Il giorno della Memoria non solo mette al centro il drammatico evento della Shoah, ma ci invita anche a riflettere sul concetto stesso di memoria.

La memoria è un tornare indietro, ma è anche un richiamare al presente e ha, dunque, una fortissima affinità con il custodire.

Il primo romanzo che vorrei proporvi e che molto mi ha donato su questo tema è Il bambino di Noè di Eric-Emmanuel Schmitt.

Il romanzo si ispira ad una storia vera, sullo sfondo di una Bruxelles immersa nel caos dell’invasione nazista. In primo piano un bambino ebreo e un sacerdote cattolico, oggi ricordato tra i Giusti delle Nazioni, i cui destini si incrociano e vengono raccontati anche a partire dall’episodio biblico del patriarca Noè.

Noè, cogliendo i segni di una tragedia imminente che avrebbe investito il mondo intero, si adopera per custodire e per preservare: cioè si preoccupa di raccogliere e proteggere ciò che rischiava di andare perduto per sempre. Nello specifico della storia, gli animali che accoglie sull’arca.
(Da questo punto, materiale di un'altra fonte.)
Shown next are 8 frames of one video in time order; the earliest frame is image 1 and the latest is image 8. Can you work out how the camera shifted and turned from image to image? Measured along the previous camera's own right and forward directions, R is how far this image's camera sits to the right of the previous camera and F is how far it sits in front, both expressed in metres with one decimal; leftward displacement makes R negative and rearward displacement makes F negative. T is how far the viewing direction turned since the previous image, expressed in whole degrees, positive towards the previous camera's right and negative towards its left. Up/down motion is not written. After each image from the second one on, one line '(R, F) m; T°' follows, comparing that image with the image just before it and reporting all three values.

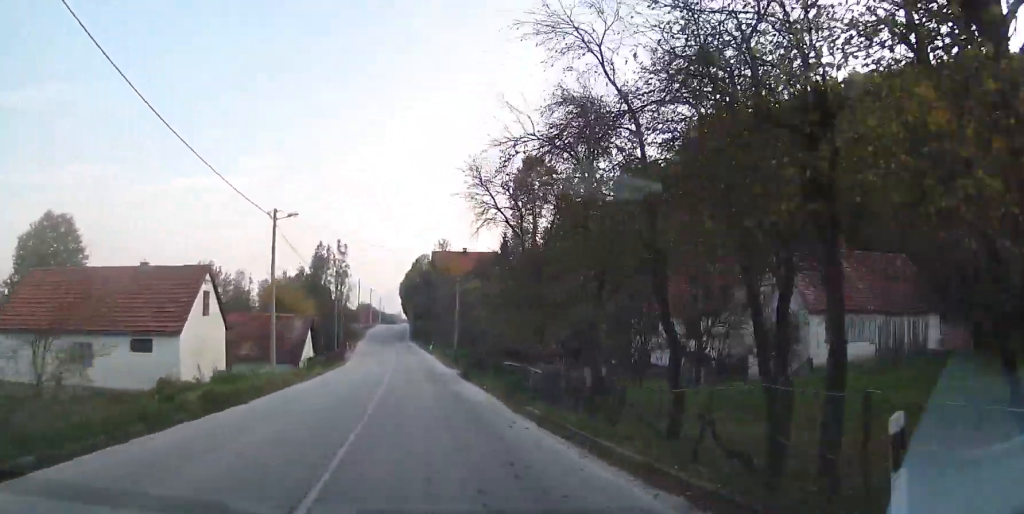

«cominciò una collezione. Con l’aiuto dei suoi figli e delle sue figlie si dette da fare per trovare un maschio e una femmina di ogni specie vivente […] Poi le piogge cessarono. Allora capì che aveva vinto la sua folle scommessa: salvare tutte le creature di Dio».

Quella che viene raccontata con capacità e con una scrittura avvincente, attraverso descrizioni vivide e un tono ironico e focalizzato in prima persona è la storia di Joseph, un bambino belga, figlio di un sarto ebreo, che viene affidato dai suoi genitori a una famiglia cattolica che a sua volta lo invierà sotto la protezione di padre Pons, un sacerdote che accoglie con documenti falsi i bambini ebrei nel suo convitto-orfanotrofio, preservandoli così dagli orrori delle deportazioni che imperversavano per tutta Europa.

La vita di quel periodo poteva sembrare un’avventura o un incubo, eppure quello che emerge vividamente in questo romanzo è una rete di persone che si adopera con coraggio e dedizione a salvare la vita a molte persone, semplicemente amiche, come testimonia limpidamente la farmacista “mangiapreti” che aiuta padre Pons con i documenti falsi:

«“Non sono buona, sono giusta. Non mi piacciono i preti, non mi piacciono gli ebrei, non mi piacciono i tedeschi, ma non tollero chi se la prende con i bambini”»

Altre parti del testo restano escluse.